Task item: Repeat the data below exactly, dropping any pictures it holds.

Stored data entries
○ ○ ○

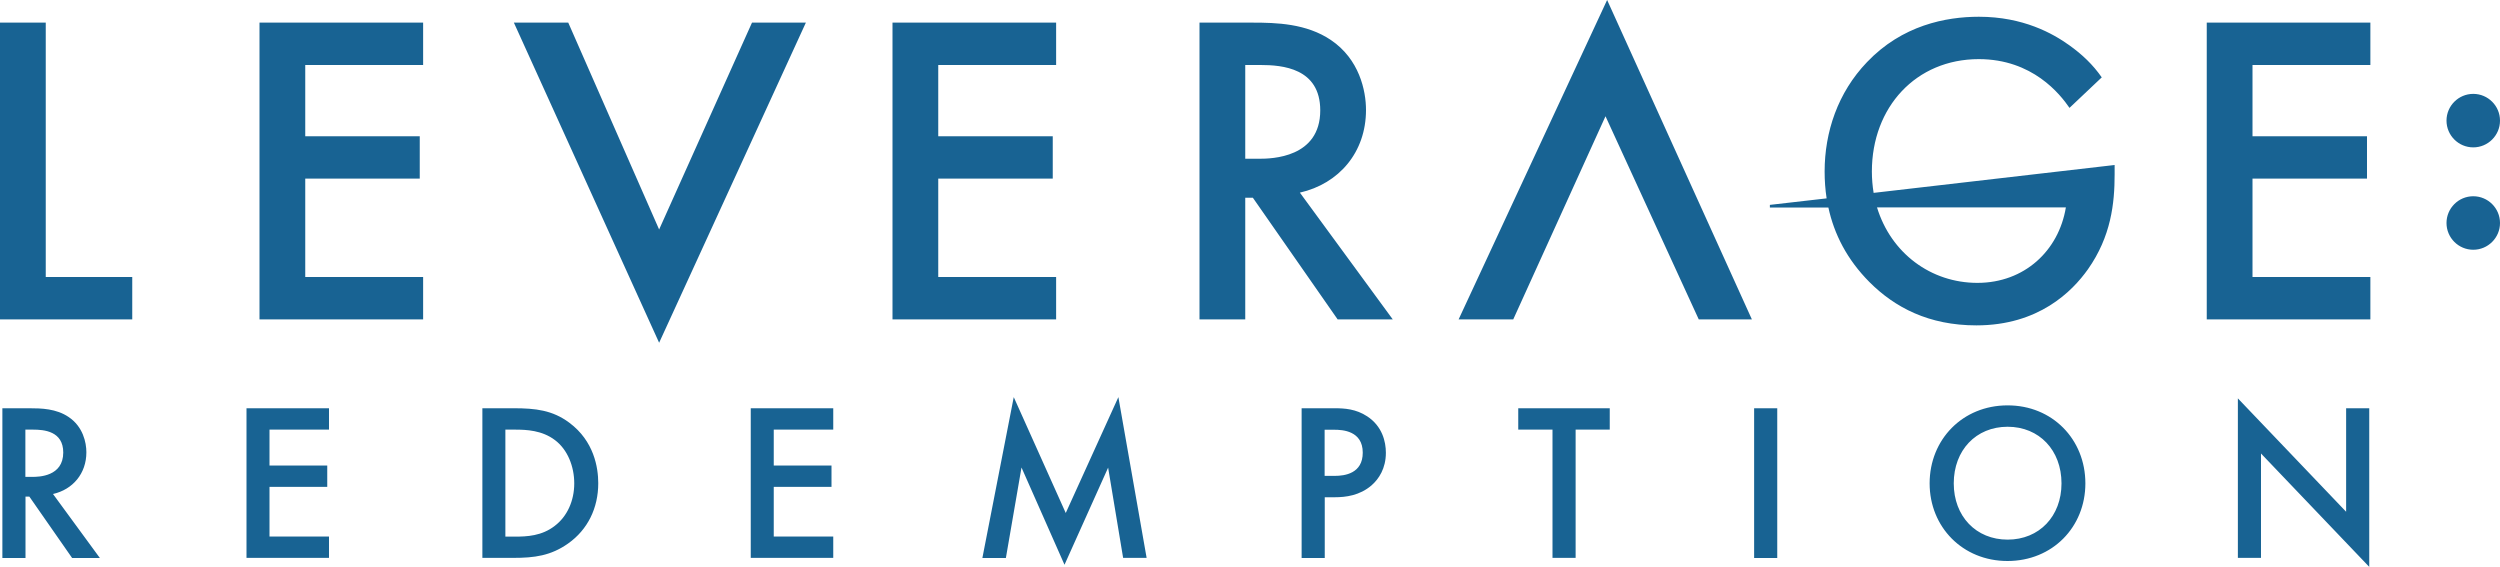 <?xml version="1.0" encoding="utf-8"?>
<!-- Generator: Adobe Illustrator 24.1.2, SVG Export Plug-In . SVG Version: 6.00 Build 0)  -->
<svg xmlns="http://www.w3.org/2000/svg" xmlns:xlink="http://www.w3.org/1999/xlink" version="1.1" x="0px" y="0px" width="2000px" height="453.6px" viewBox="0 0 2000 453.6" style="enable-background:new 0 0 2000 453.6;" xml:space="preserve">
<style type="text/css">
	.st0{fill:#186393;}
</style>
<path class="st0" d="M36.6,18.1v203.5h69.2v33.9H0V18.1H36.6z M338.5,52h-94.3v57h91.6v33.9h-91.6v78.7h94.3v33.9H207.6V18.1h130.9  V52z M454.6,18.1l72.7,165.5l74.3-165.5h43.1L527.3,274.2L411.1,18.1H454.6z M844.9,52h-94.3v57h91.6v33.9h-91.6v78.7h94.3v33.9H714  V18.1h130.9V52z M1002,18.1c19.3,0,43.1,0.7,62.7,13.9c22.7,15.3,28.1,40.4,28.1,56c0,33.9-21.7,59-52.9,66.1l74.3,101.4h-44.1  l-67.8-97.3h-6.1v97.3h-36.6V18.1H1002z M996.2,127h11.2c9.8,0,48.8-0.7,48.8-38.7c0-33.9-30.5-36.3-47.8-36.3h-12.2V127z   M1233.2,197.8 M1333.9,197.8 M1284.4,93l-73.8,162.5h-43.7L1285.7,0l115.8,255.5H1359 M1498.9,154.3c-0.9-5.5-1.4-11.2-1.4-17.1  c0-51.5,35.3-89.9,85.5-89.9c43.1,0,65.1,28.1,72.6,39l25.8-24.4c-7.1-10.2-15.6-18.3-26.1-25.8c-12.9-9.2-36.6-22.7-72.2-22.7  c-26.4,0-61.4,6.8-89.5,36.3c-23.4,24.4-33.9,56-33.9,87.5c0,7.2,0.5,14.4,1.6,21.5l-45.4,5.2v2.1h46.8  c4.6,21.3,14.9,41.6,32.9,59.7c20.3,20.3,47.5,34.6,85.5,34.6c49.8,0,76.6-27.1,89.2-44.8c18.6-26.4,21.4-52.9,21.4-76V132  L1498.9,154.3z M1581.9,226.3c-37.1,0-69.1-23.7-80.3-60.4h151.1C1647,200.5,1619.6,226.3,1581.9,226.3z M1896.3,52h-94.3v57h91.6  v33.9h-91.6v78.7h94.3v33.9h-130.9V18.1h130.9V52z M23.3,326.6c9.8,0,21.7,0.3,31.6,7c11.5,7.7,14.2,20.4,14.2,28.2  c0,17.1-10.9,29.8-26.7,33.4l37.5,51.2H57.7l-34.2-49.1h-3.1v49.1H1.9V326.6H23.3z M20.4,381.5H26c5,0,24.6-0.3,24.6-19.5  c0-17.1-15.4-18.3-24.1-18.3h-6.2V381.5z M263.2,343.7h-47.6v28.7h46.2v17.1h-46.2v39.7h47.6v17.1h-66V326.6h66V343.7z M411,326.6  c17.3,0,31,1.5,44.5,11.6c19.7,14.7,23.1,35.8,23.1,48.4c0,19.8-8.4,37.1-24.1,48.2c-13.9,9.8-27,11.5-43.8,11.5h-24.8V326.6H411z   M404.3,429.3h7.7c9.4,0,21.4-0.5,31.8-8.6c9.9-7.5,15.6-20,15.6-34c0-13.5-5.3-27-15.4-34.6c-10.4-7.9-22.9-8.4-32-8.4h-7.7V429.3z   M666.6,343.7h-47.6v28.7h46.2v17.1h-46.2v39.7h47.6v17.1h-66V326.6h66V343.7z M785.9,446.4L811,317.7l41.6,92.7l42.1-92.7  l22.6,128.6h-18.8l-12-72.2l-34.9,77.7L817.2,374l-12.5,72.4H785.9z M1067.6,326.6c7.9,0,17.1,0.5,26.2,6.5  c12,7.9,14.9,20.2,14.9,29.1c0,12.5-5.6,21-11.6,26.2c-9.4,8-20.5,9.4-29.3,9.4h-8v48.6h-18.5V326.6H1067.6z M1059.8,380.7h8  c8,0,22.4-1.9,22.4-18.6c0-17.5-16.3-18.3-22.6-18.3h-7.9V380.7z M1260.5,343.7v102.6H1242V343.7h-27.4v-17.1h73.2v17.1H1260.5z   M1421.8,326.6v119.8h-18.5V326.6H1421.8z M1668.3,386.7c0,34.9-26.3,62.1-62.3,62.1c-35.9,0-62.3-27.2-62.3-62.1  c0-35.2,26.5-62.4,62.3-62.4C1641.8,324.2,1668.3,351.4,1668.3,386.7z M1649.2,386.7c0-26.5-17.8-45.3-43.1-45.3  c-25.3,0-43.1,18.8-43.1,45.3c0,26.3,17.8,45,43.1,45C1631.4,431.7,1649.2,413,1649.2,386.7z M1790.3,446.4V318.7l86.6,90.7v-82.8  h18.5v126.9l-86.6-90.7v83.5H1790.3z M2000,96.5c0,11.8-9.6,21.4-21.4,21.4s-21.4-9.6-21.4-21.4s9.6-21.4,21.4-21.4  S2000,84.7,2000,96.5z M1978.6,157c-11.8,0-21.4,9.6-21.4,21.4s9.6,21.4,21.4,21.4s21.4-9.6,21.4-21.4S1990.4,157,1978.6,157z"/>
</svg>

○ ○ ○

Response to this exercise:
 <?xml version="1.0" encoding="utf-8"?>
<!-- Generator: Adobe Illustrator 24.1.2, SVG Export Plug-In . SVG Version: 6.00 Build 0)  -->
<svg xmlns="http://www.w3.org/2000/svg" xmlns:xlink="http://www.w3.org/1999/xlink" version="1.1" x="0px" y="0px" width="2000px" height="453.6px" viewBox="0 0 2000 453.6" style="enable-background:new 0 0 2000 453.6;" xml:space="preserve">
<style type="text/css">
	.st0{fill:#186393;}
</style>
<path class="st0" d="M36.6,18.1v203.5h69.2v33.9H0V18.1H36.6z M338.5,52h-94.3v57h91.6v33.9h-91.6v78.7h94.3v33.9H207.6V18.1h130.9  V52z M454.6,18.1l72.7,165.5l74.3-165.5h43.1L527.3,274.2L411.1,18.1H454.6z M844.9,52h-94.3v57h91.6v33.9h-91.6v78.7h94.3v33.9H714  V18.1h130.9V52z M1002,18.1c19.3,0,43.1,0.7,62.7,13.9c22.7,15.3,28.1,40.4,28.1,56c0,33.9-21.7,59-52.9,66.1l74.3,101.4h-44.1  l-67.8-97.3h-6.1v97.3h-36.6V18.1H1002z M996.2,127h11.2c9.8,0,48.8-0.7,48.8-38.7c0-33.9-30.5-36.3-47.8-36.3h-12.2V127z   M1233.2,197.8 M1333.9,197.8 M1284.4,93l-73.8,162.5h-43.7L1285.7,0l115.8,255.5H1359 M1498.9,154.3c-0.9-5.5-1.4-11.2-1.4-17.1  c0-51.5,35.3-89.9,85.5-89.9c43.1,0,65.1,28.1,72.6,39l25.8-24.4c-7.1-10.2-15.6-18.3-26.1-25.8c-12.9-9.2-36.6-22.7-72.2-22.7  c-26.4,0-61.4,6.8-89.5,36.3c-23.4,24.4-33.9,56-33.9,87.5c0,7.2,0.5,14.4,1.6,21.5l-45.4,5.2v2.1h46.8  c4.6,21.3,14.9,41.6,32.9,59.7c20.3,20.3,47.5,34.6,85.5,34.6c49.8,0,76.6-27.1,89.2-44.8c18.6-26.4,21.4-52.9,21.4-76V132  L1498.9,154.3z M1581.9,226.3c-37.1,0-69.1-23.7-80.3-60.4h151.1C1647,200.5,1619.6,226.3,1581.9,226.3z M1896.3,52h-94.3v57h91.6  v33.9h-91.6v78.7h94.3v33.9h-130.9V18.1h130.9V52z M23.3,326.6c9.8,0,21.7,0.3,31.6,7c11.5,7.7,14.2,20.4,14.2,28.2  c0,17.1-10.9,29.8-26.7,33.4l37.5,51.2H57.7l-34.2-49.1h-3.1v49.1H1.9V326.6H23.3z M20.4,381.5H26c5,0,24.6-0.3,24.6-19.5  c0-17.1-15.4-18.3-24.1-18.3h-6.2V381.5z M263.2,343.7h-47.6v28.7h46.2v17.1h-46.2v39.7h47.6v17.1h-66V326.6h66V343.7z M411,326.6  c17.3,0,31,1.5,44.5,11.6c19.7,14.7,23.1,35.8,23.1,48.4c0,19.8-8.4,37.1-24.1,48.2c-13.9,9.8-27,11.5-43.8,11.5h-24.8V326.6H411z   M404.3,429.3h7.7c9.4,0,21.4-0.5,31.8-8.6c9.9-7.5,15.6-20,15.6-34c0-13.5-5.3-27-15.4-34.6c-10.4-7.9-22.9-8.4-32-8.4h-7.7V429.3z   M666.6,343.7h-47.6v28.7h46.2v17.1h-46.2v39.7h47.6v17.1h-66V326.6h66V343.7z M785.9,446.4L811,317.7l41.6,92.7l42.1-92.7  l22.6,128.6h-18.8l-12-72.2l-34.9,77.7L817.2,374l-12.5,72.4H785.9z M1067.6,326.6c7.9,0,17.1,0.5,26.2,6.5  c12,7.9,14.9,20.2,14.9,29.1c0,12.5-5.6,21-11.6,26.2c-9.4,8-20.5,9.4-29.3,9.4h-8v48.6h-18.5V326.6H1067.6z M1059.8,380.7h8  c8,0,22.4-1.9,22.4-18.6c0-17.5-16.3-18.3-22.6-18.3h-7.9V380.7z M1260.5,343.7v102.6H1242V343.7h-27.4v-17.1h73.2v17.1H1260.5z   M1421.8,326.6v119.8h-18.5V326.6H1421.8z M1668.3,386.7c0,34.9-26.3,62.1-62.3,62.1c-35.9,0-62.3-27.2-62.3-62.1  c0-35.2,26.5-62.4,62.3-62.4C1641.8,324.2,1668.3,351.4,1668.3,386.7z M1649.2,386.7c0-26.5-17.8-45.3-43.1-45.3  c-25.3,0-43.1,18.8-43.1,45.3c0,26.3,17.8,45,43.1,45C1631.4,431.7,1649.2,413,1649.2,386.7z M1790.3,446.4V318.7l86.6,90.7v-82.8  h18.5v126.9l-86.6-90.7v83.5H1790.3z M2000,96.5c0,11.8-9.6,21.4-21.4,21.4s-21.4-9.6-21.4-21.4s9.6-21.4,21.4-21.4  S2000,84.7,2000,96.5z M1978.6,157c-11.8,0-21.4,9.6-21.4,21.4s9.6,21.4,21.4,21.4s21.4-9.6,21.4-21.4S1990.4,157,1978.6,157z"/>
</svg>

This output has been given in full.